== Supplied records ==
• • • • •

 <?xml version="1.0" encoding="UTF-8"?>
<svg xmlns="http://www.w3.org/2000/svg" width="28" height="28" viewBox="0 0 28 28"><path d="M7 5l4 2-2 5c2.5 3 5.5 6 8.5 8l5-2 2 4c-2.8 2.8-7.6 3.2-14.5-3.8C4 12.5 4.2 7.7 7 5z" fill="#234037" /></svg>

• • • • •

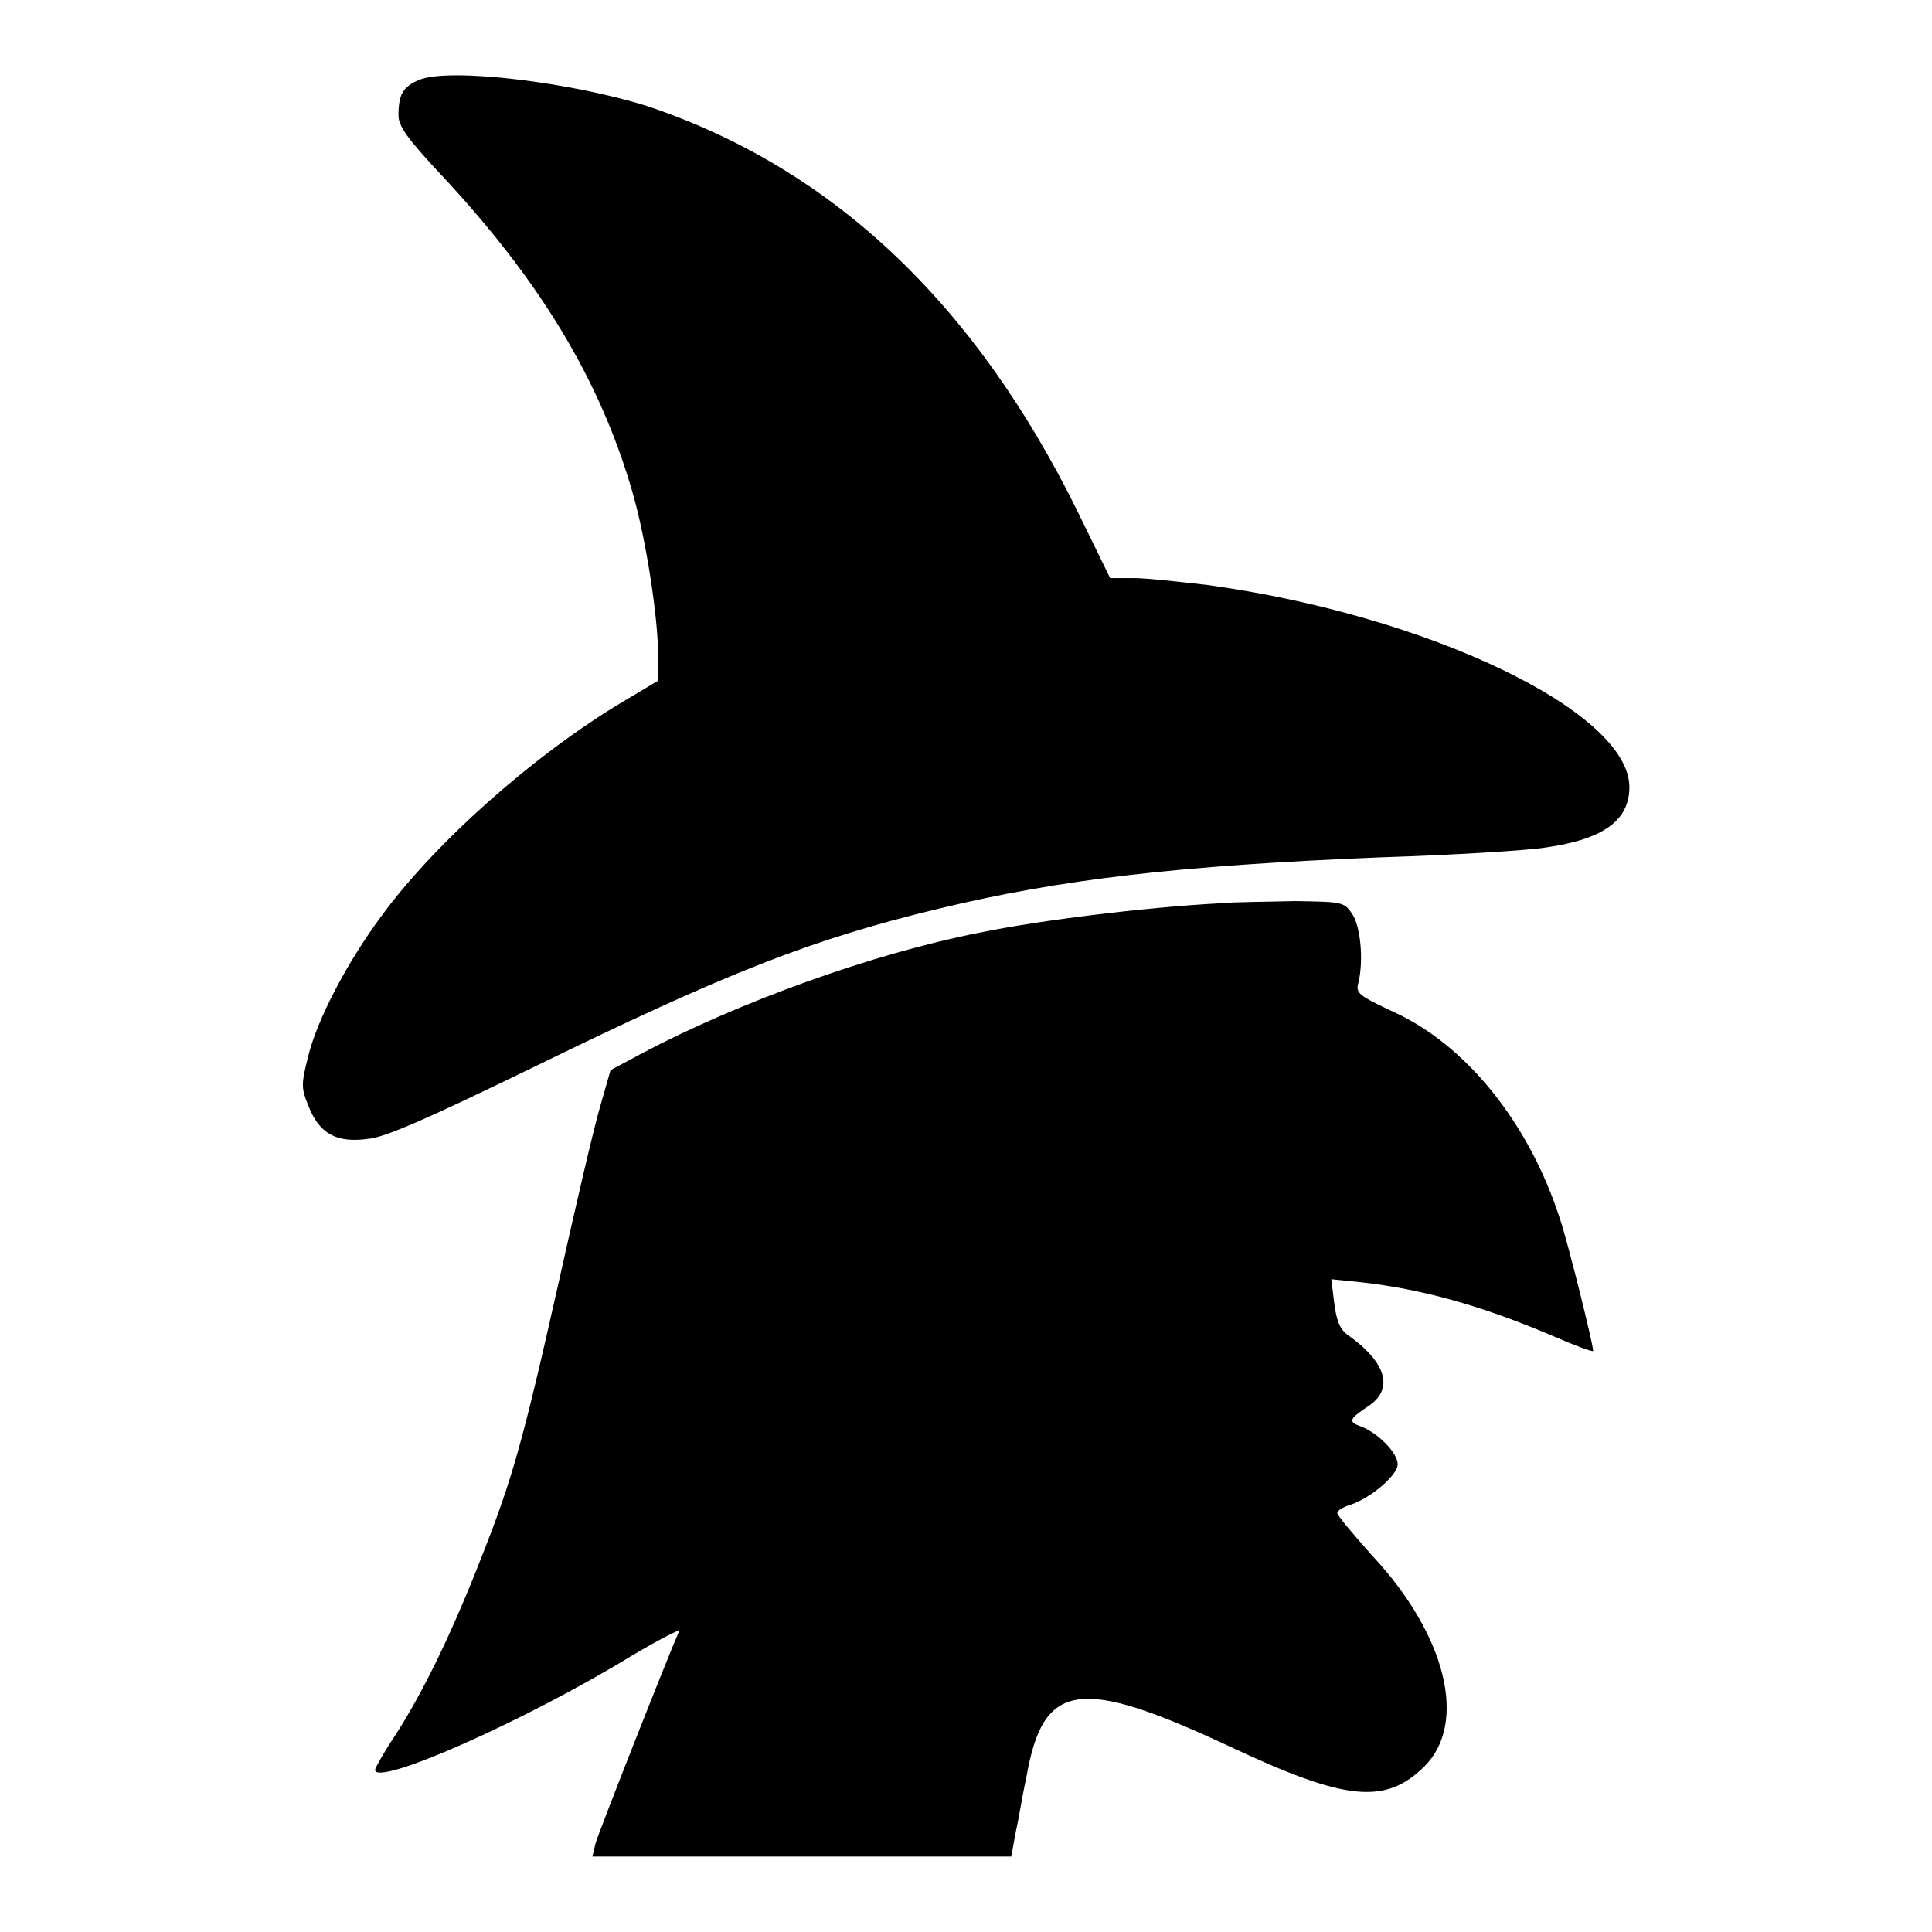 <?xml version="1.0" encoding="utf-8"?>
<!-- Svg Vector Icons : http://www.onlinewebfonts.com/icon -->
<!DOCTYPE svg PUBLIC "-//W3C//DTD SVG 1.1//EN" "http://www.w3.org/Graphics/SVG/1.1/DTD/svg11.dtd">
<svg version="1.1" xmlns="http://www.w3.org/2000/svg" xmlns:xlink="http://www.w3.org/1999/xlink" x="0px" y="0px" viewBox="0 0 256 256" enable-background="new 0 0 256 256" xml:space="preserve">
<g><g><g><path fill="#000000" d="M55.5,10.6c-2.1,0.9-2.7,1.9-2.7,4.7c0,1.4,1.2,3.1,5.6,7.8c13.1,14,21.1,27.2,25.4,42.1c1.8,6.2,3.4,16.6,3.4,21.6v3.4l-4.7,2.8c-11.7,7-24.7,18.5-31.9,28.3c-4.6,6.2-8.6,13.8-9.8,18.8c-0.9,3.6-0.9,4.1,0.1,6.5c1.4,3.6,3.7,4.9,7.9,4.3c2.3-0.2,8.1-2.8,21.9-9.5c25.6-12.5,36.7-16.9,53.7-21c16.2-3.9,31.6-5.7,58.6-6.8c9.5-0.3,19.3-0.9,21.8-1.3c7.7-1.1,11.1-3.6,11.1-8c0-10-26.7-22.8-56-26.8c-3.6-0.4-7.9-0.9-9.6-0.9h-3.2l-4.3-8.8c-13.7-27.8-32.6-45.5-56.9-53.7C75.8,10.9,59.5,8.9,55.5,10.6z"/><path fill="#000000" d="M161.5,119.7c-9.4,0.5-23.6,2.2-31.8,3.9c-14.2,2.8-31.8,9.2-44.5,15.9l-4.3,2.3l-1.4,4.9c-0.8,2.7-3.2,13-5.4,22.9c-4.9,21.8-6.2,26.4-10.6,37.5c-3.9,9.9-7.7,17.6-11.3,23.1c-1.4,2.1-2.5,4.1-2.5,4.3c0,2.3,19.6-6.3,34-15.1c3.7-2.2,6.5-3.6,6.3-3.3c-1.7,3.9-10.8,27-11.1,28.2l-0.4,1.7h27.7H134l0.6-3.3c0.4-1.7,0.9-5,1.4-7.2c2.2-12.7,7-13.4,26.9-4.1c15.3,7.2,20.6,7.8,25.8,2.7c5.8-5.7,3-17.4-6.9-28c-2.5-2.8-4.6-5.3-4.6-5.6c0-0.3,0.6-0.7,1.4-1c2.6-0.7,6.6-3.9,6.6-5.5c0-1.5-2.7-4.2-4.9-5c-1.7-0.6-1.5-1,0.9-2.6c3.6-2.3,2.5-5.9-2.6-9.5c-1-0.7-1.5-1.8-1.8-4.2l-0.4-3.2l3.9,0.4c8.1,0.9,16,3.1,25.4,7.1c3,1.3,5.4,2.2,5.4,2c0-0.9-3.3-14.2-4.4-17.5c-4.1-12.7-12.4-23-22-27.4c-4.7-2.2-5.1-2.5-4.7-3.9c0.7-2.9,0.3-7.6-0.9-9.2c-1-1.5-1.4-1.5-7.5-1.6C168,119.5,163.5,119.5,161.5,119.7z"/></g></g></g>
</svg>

• • • • •

Where a line of the listing contains the word "viewBox", it counts toward the total; say how many lines that makes, giving the number alone.

2